Collected data

=== Section Start ===

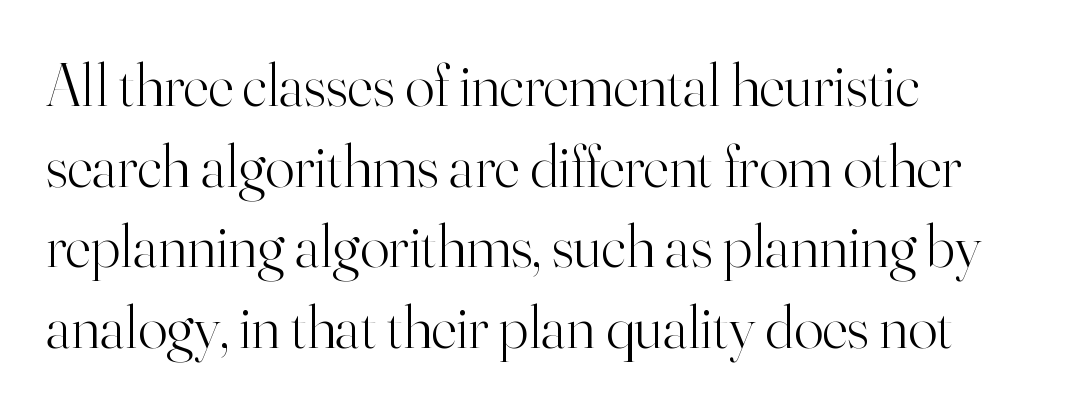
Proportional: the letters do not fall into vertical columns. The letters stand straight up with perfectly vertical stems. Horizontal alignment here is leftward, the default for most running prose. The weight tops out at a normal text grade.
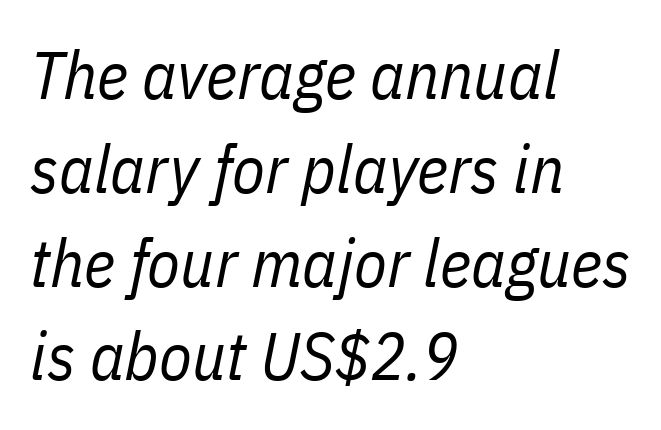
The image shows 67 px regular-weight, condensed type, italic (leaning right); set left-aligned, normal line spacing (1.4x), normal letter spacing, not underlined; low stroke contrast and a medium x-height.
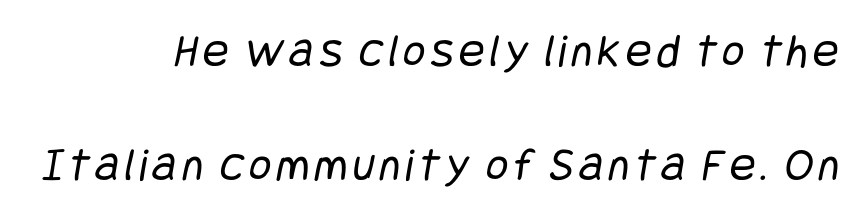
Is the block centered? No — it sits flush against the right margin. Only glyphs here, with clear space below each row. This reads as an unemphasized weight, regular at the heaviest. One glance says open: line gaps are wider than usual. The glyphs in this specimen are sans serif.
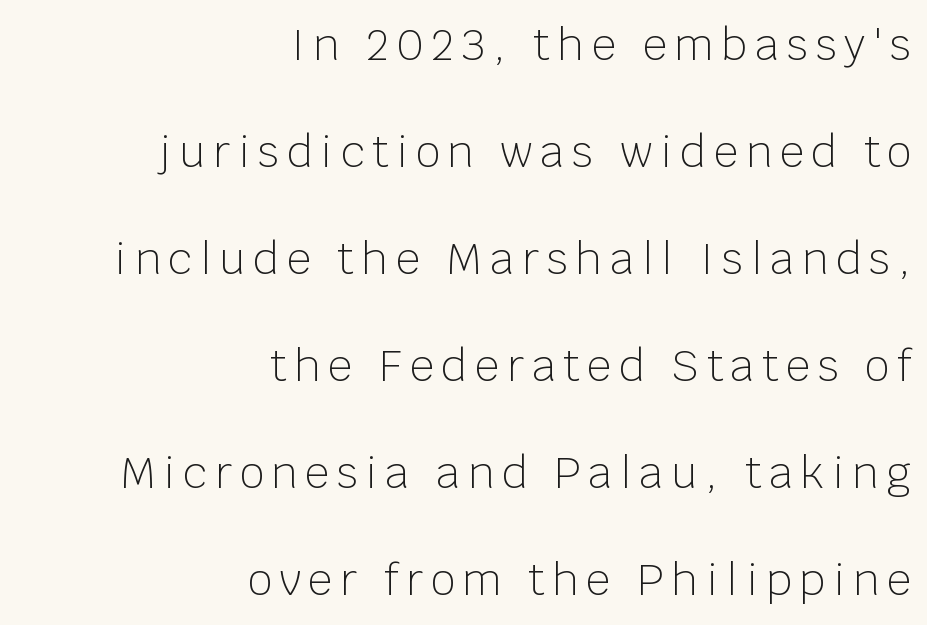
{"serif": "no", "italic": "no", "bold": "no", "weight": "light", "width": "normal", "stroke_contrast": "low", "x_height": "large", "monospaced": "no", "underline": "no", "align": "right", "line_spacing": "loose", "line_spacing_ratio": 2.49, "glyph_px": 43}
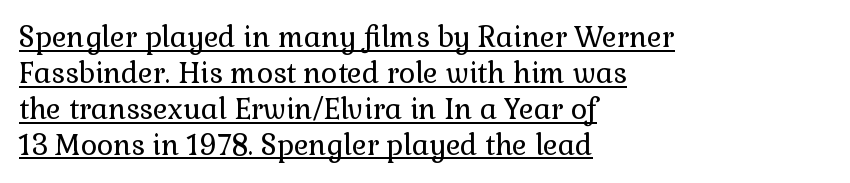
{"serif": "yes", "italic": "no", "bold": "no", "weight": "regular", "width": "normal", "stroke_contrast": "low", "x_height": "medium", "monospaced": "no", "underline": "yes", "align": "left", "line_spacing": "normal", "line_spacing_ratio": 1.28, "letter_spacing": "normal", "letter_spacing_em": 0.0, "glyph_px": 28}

=== Section End ===

- [PROBLEM DESCRIPTION]: Only the lines from the top of the data through the line with "Is the block" should be quoted, exactly and with both ends kept; skip the pictures.

- [SOLUTION]:
Proportional: the letters do not fall into vertical columns. The letters stand straight up with perfectly vertical stems. Horizontal alignment here is leftward, the default for most running prose. The weight tops out at a normal text grade.
The image shows 67 px regular-weight, condensed type, italic (leaning right); set left-aligned, normal line spacing (1.4x), normal letter spacing, not underlined; low stroke contrast and a medium x-height.
Is the block centered? No — it sits flush against the right margin. Only glyphs here, with clear space below each row. This reads as an unemphasized weight, regular at the heaviest. One glance says open: line gaps are wider than usual. The glyphs in this specimen are sans serif.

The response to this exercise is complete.